▶ **Try it**
Your task is to repeat all of the data exactly while excluding the pictures.

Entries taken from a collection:
----

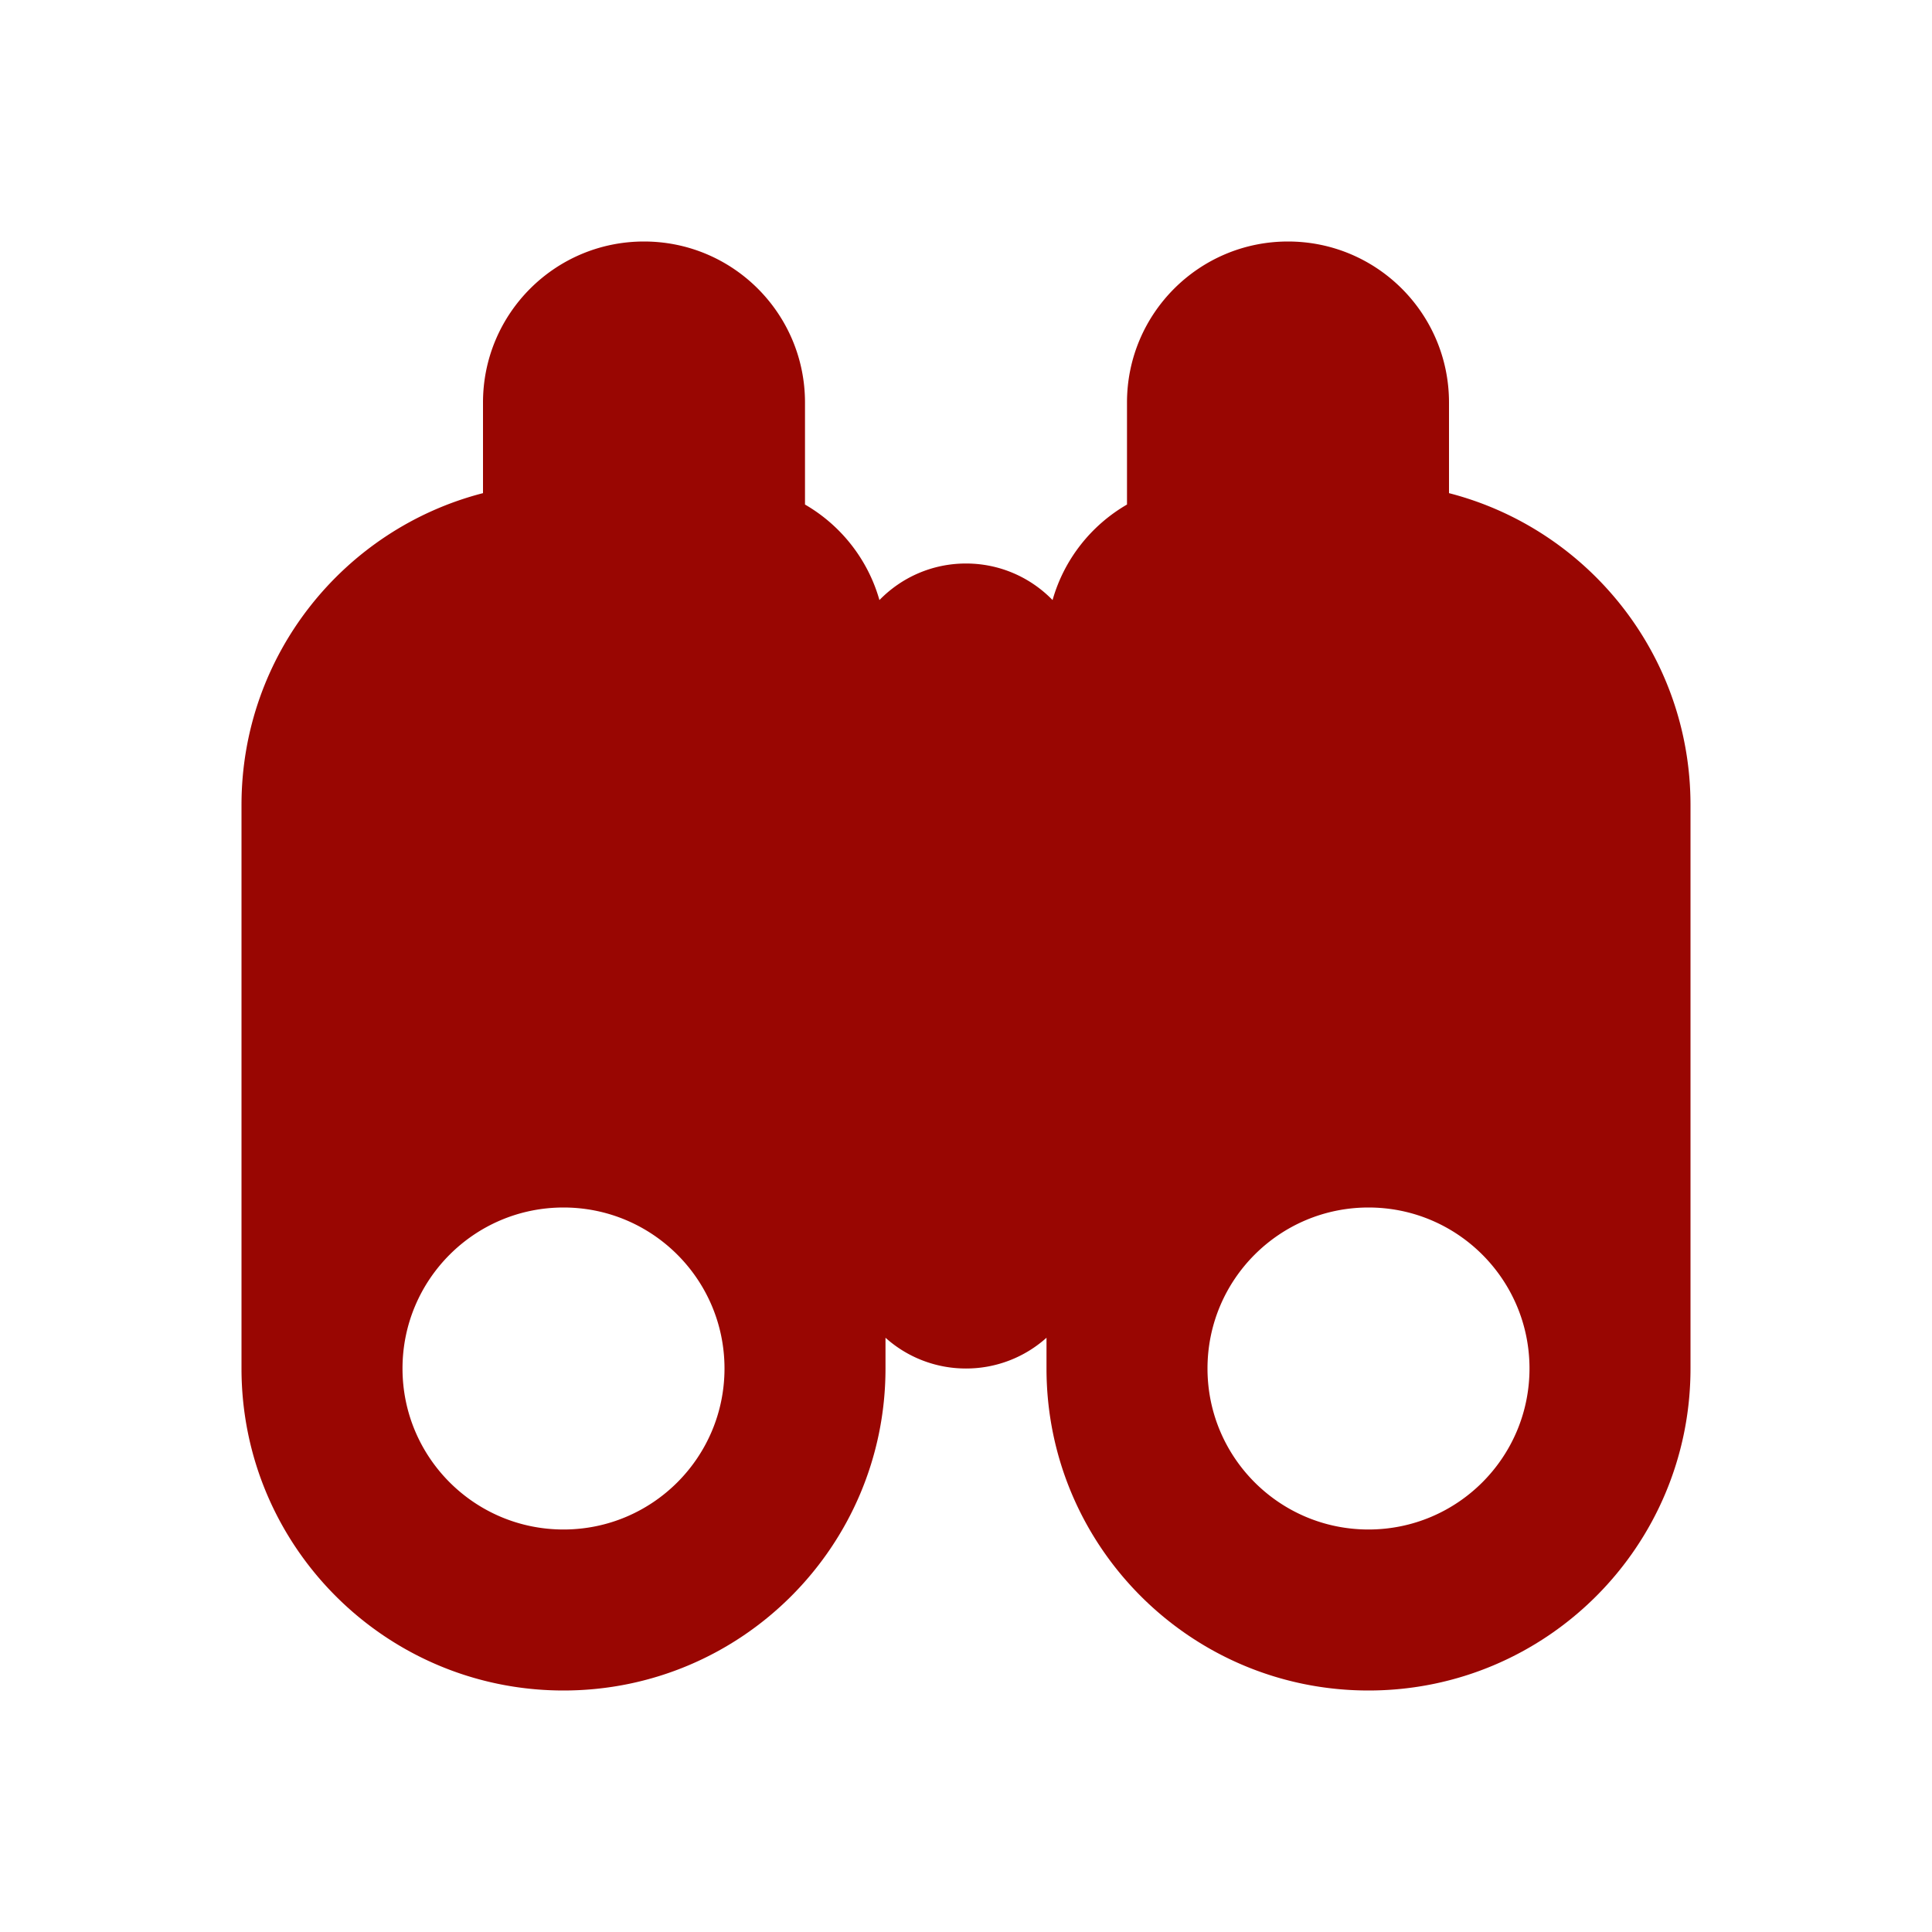 <svg xmlns="http://www.w3.org/2000/svg" width="512" height="512" viewBox="0 0 512 512"><path fill="#990602" fill-rule="evenodd" d="M341.333 64C364.897 64 384 83.103 384 106.667l.001 24.022C420.805 140.162 448 173.572 448 213.333v149.334C448 409.795 409.795 448 362.667 448s-85.334-38.205-85.334-85.333l.001-8.15a31.88 31.88 0 0 1-21.334 8.15a31.88 31.88 0 0 1-21.334-8.15v8.15c0 47.128-38.204 85.333-85.333 85.333S64 409.795 64 362.667V213.333c0-39.762 27.195-73.172 64-82.645v-24.021C128 83.103 147.103 64 170.667 64s42.666 19.103 42.666 42.667v27.041c9.494 5.492 16.675 14.537 19.726 25.316c5.814-5.978 13.944-9.69 22.941-9.69s17.127 3.712 22.941 9.69c3.05-10.78 10.232-19.824 19.725-25.316v-27.041C298.667 83.103 317.77 64 341.334 64m-192 256c-23.564 0-42.666 19.103-42.666 42.667s19.102 42.666 42.666 42.666S192 386.231 192 362.667S172.897 320 149.333 320m213.334 0C339.103 320 320 339.103 320 362.667s19.103 42.666 42.667 42.666s42.666-19.102 42.666-42.666S386.231 320 362.667 320"/></svg>
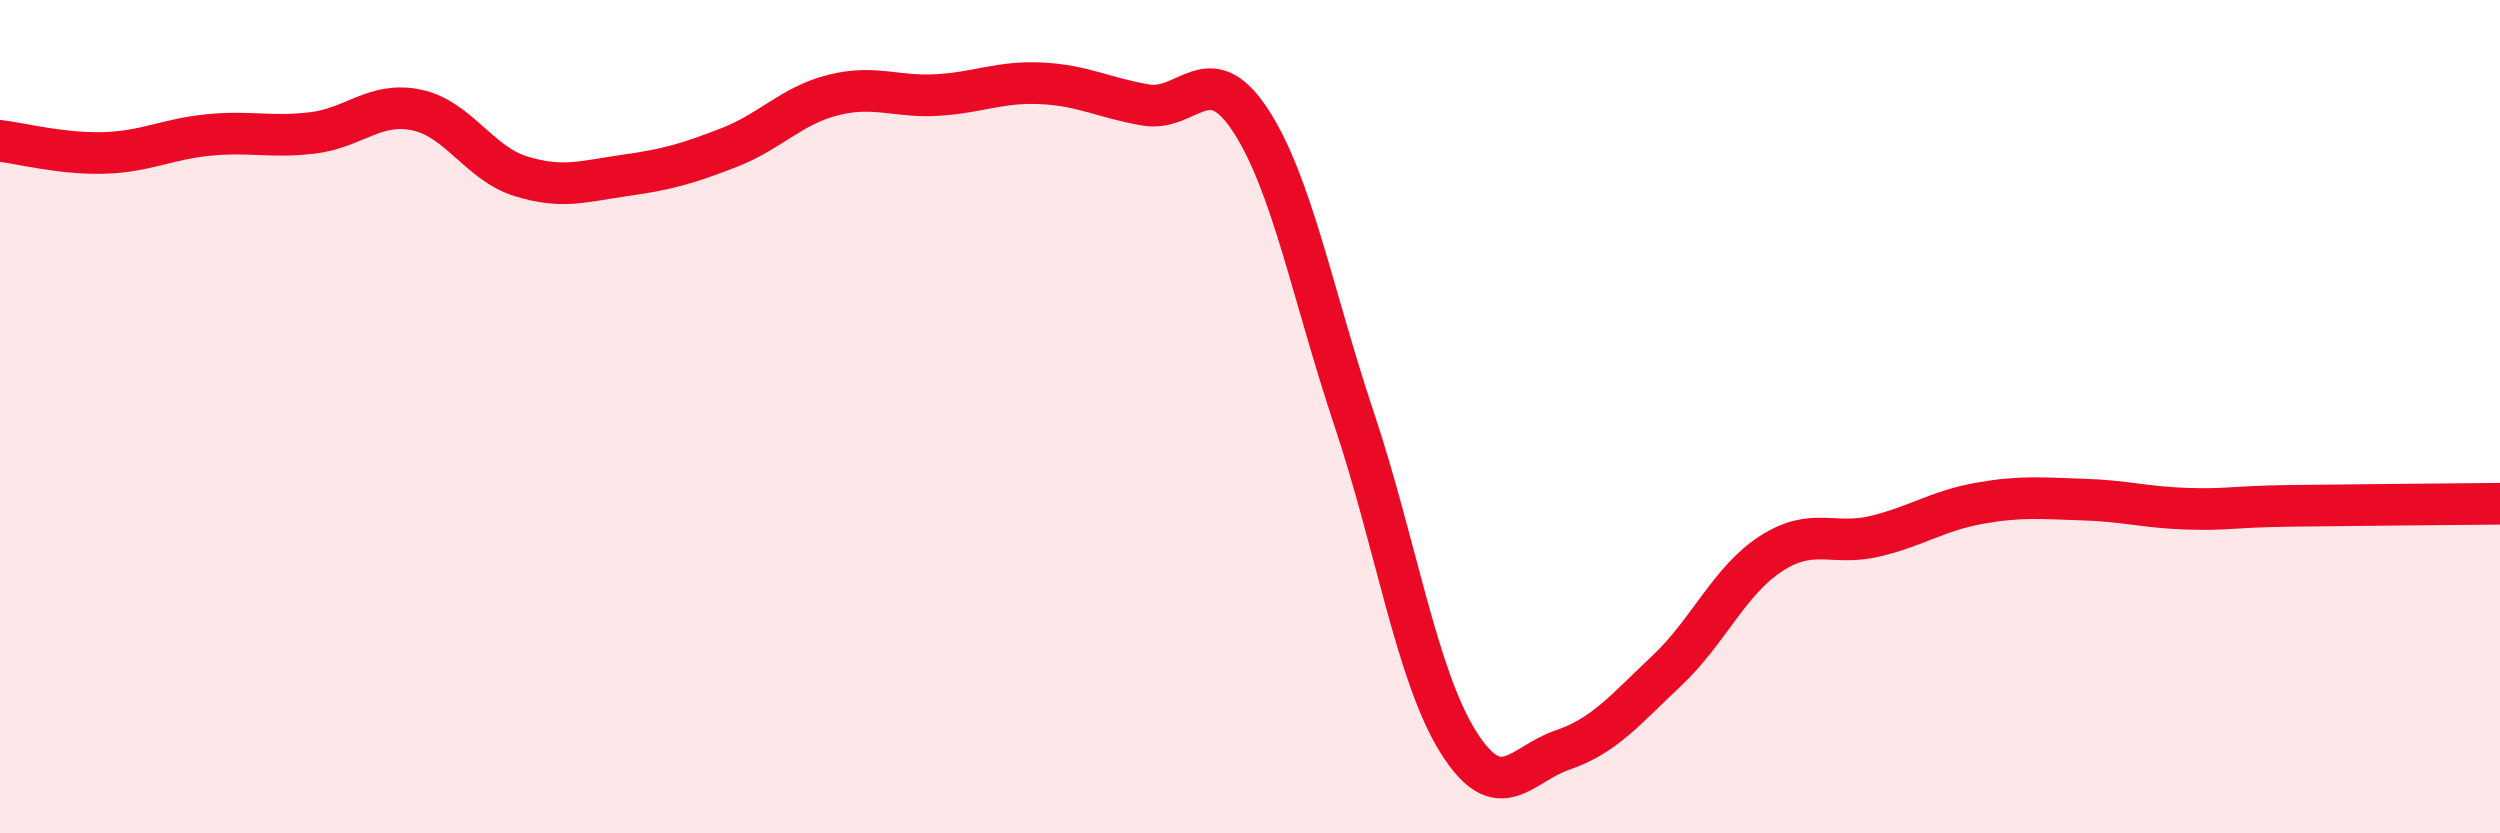 
    <svg width="60" height="20" viewBox="0 0 60 20" xmlns="http://www.w3.org/2000/svg">
      <path
        d="M 0,3.38 C 0.5,3.44 1.5,3.7 2.5,3.67 C 3.5,3.64 4,3.34 5,3.24 C 6,3.14 6.5,3.31 7.5,3.19 C 8.5,3.07 9,2.43 10,2.64 C 11,2.85 11.5,3.92 12.5,4.23 C 13.5,4.54 14,4.35 15,4.21 C 16,4.07 16.5,3.93 17.5,3.54 C 18.5,3.15 19,2.53 20,2.28 C 21,2.03 21.5,2.34 22.5,2.28 C 23.5,2.22 24,1.95 25,2 C 26,2.05 26.5,2.35 27.5,2.52 C 28.5,2.69 29,1.36 30,2.87 C 31,4.38 31.5,7.07 32.5,10.06 C 33.5,13.05 34,16.22 35,17.81 C 36,19.4 36.5,18.34 37.5,18 C 38.5,17.66 39,17.04 40,16.1 C 41,15.16 41.5,13.94 42.5,13.29 C 43.5,12.64 44,13.11 45,12.87 C 46,12.63 46.5,12.26 47.5,12.08 C 48.5,11.9 49,11.96 50,11.99 C 51,12.02 51.5,12.18 52.5,12.21 C 53.5,12.24 53.5,12.16 55,12.14 C 56.5,12.12 59,12.1 60,12.09L60 20L0 20Z"
        fill="#EB0A25"
        opacity="0.1"
        stroke-linecap="round"
        stroke-linejoin="round"
      />
      <path
        d="M 0,3.38 C 0.5,3.44 1.5,3.7 2.5,3.67 C 3.5,3.64 4,3.34 5,3.24 C 6,3.14 6.5,3.31 7.5,3.19 C 8.5,3.07 9,2.43 10,2.64 C 11,2.85 11.5,3.92 12.5,4.23 C 13.5,4.54 14,4.35 15,4.21 C 16,4.07 16.5,3.93 17.5,3.54 C 18.5,3.15 19,2.53 20,2.28 C 21,2.03 21.5,2.34 22.5,2.28 C 23.5,2.22 24,1.95 25,2 C 26,2.05 26.5,2.35 27.5,2.52 C 28.5,2.69 29,1.36 30,2.87 C 31,4.38 31.5,7.07 32.5,10.06 C 33.5,13.05 34,16.22 35,17.81 C 36,19.4 36.5,18.34 37.5,18 C 38.5,17.66 39,17.04 40,16.1 C 41,15.16 41.5,13.94 42.5,13.29 C 43.5,12.64 44,13.11 45,12.87 C 46,12.63 46.5,12.26 47.5,12.08 C 48.5,11.9 49,11.96 50,11.99 C 51,12.02 51.5,12.18 52.5,12.21 C 53.5,12.24 53.5,12.16 55,12.14 C 56.5,12.12 59,12.1 60,12.09"
        stroke="#EB0A25"
        stroke-width="1"
        fill="none"
        stroke-linecap="round"
        stroke-linejoin="round"
      />
    </svg>

----

▶ **Your response**
 <svg xmlns="http://www.w3.org/2000/svg" width="512" height="512" viewBox="0 0 512 512"><path fill="#990602" fill-rule="evenodd" d="M341.333 64C364.897 64 384 83.103 384 106.667l.001 24.022C420.805 140.162 448 173.572 448 213.333v149.334C448 409.795 409.795 448 362.667 448s-85.334-38.205-85.334-85.333l.001-8.15a31.88 31.88 0 0 1-21.334 8.15a31.88 31.88 0 0 1-21.334-8.15v8.15c0 47.128-38.204 85.333-85.333 85.333S64 409.795 64 362.667V213.333c0-39.762 27.195-73.172 64-82.645v-24.021C128 83.103 147.103 64 170.667 64s42.666 19.103 42.666 42.667v27.041c9.494 5.492 16.675 14.537 19.726 25.316c5.814-5.978 13.944-9.69 22.941-9.69s17.127 3.712 22.941 9.69c3.05-10.78 10.232-19.824 19.725-25.316v-27.041C298.667 83.103 317.77 64 341.334 64m-192 256c-23.564 0-42.666 19.103-42.666 42.667s19.102 42.666 42.666 42.666S192 386.231 192 362.667S172.897 320 149.333 320m213.334 0C339.103 320 320 339.103 320 362.667s19.103 42.666 42.667 42.666s42.666-19.102 42.666-42.666S386.231 320 362.667 320"/></svg>
    <svg width="60" height="20" viewBox="0 0 60 20" xmlns="http://www.w3.org/2000/svg">
      <path
        d="M 0,3.38 C 0.5,3.44 1.5,3.7 2.5,3.67 C 3.5,3.64 4,3.34 5,3.24 C 6,3.14 6.5,3.31 7.5,3.19 C 8.5,3.07 9,2.43 10,2.64 C 11,2.85 11.5,3.92 12.5,4.23 C 13.5,4.54 14,4.35 15,4.21 C 16,4.07 16.5,3.93 17.5,3.54 C 18.5,3.15 19,2.53 20,2.28 C 21,2.03 21.5,2.34 22.5,2.28 C 23.5,2.22 24,1.95 25,2 C 26,2.05 26.5,2.35 27.5,2.52 C 28.5,2.69 29,1.36 30,2.87 C 31,4.38 31.5,7.07 32.5,10.06 C 33.5,13.05 34,16.22 35,17.81 C 36,19.4 36.5,18.34 37.5,18 C 38.5,17.66 39,17.04 40,16.1 C 41,15.16 41.5,13.94 42.5,13.29 C 43.5,12.64 44,13.11 45,12.87 C 46,12.63 46.5,12.26 47.5,12.08 C 48.5,11.9 49,11.96 50,11.99 C 51,12.02 51.5,12.18 52.5,12.21 C 53.5,12.24 53.5,12.16 55,12.14 C 56.5,12.12 59,12.1 60,12.09L60 20L0 20Z"
        fill="#EB0A25"
        opacity="0.1"
        stroke-linecap="round"
        stroke-linejoin="round"
      />
      <path
        d="M 0,3.38 C 0.5,3.44 1.5,3.7 2.5,3.67 C 3.5,3.64 4,3.34 5,3.24 C 6,3.14 6.5,3.31 7.5,3.19 C 8.5,3.07 9,2.43 10,2.64 C 11,2.85 11.5,3.92 12.5,4.23 C 13.5,4.54 14,4.35 15,4.21 C 16,4.07 16.5,3.93 17.5,3.54 C 18.5,3.15 19,2.53 20,2.28 C 21,2.03 21.5,2.34 22.5,2.28 C 23.5,2.22 24,1.95 25,2 C 26,2.05 26.5,2.35 27.5,2.52 C 28.5,2.69 29,1.36 30,2.87 C 31,4.38 31.5,7.07 32.5,10.06 C 33.5,13.05 34,16.22 35,17.81 C 36,19.4 36.5,18.34 37.5,18 C 38.5,17.66 39,17.04 40,16.1 C 41,15.16 41.5,13.94 42.5,13.29 C 43.5,12.64 44,13.11 45,12.87 C 46,12.63 46.5,12.26 47.5,12.08 C 48.5,11.9 49,11.96 50,11.99 C 51,12.02 51.5,12.18 52.5,12.21 C 53.5,12.24 53.5,12.16 55,12.14 C 56.5,12.12 59,12.1 60,12.09"
        stroke="#EB0A25"
        stroke-width="1"
        fill="none"
        stroke-linecap="round"
        stroke-linejoin="round"
      />
    </svg>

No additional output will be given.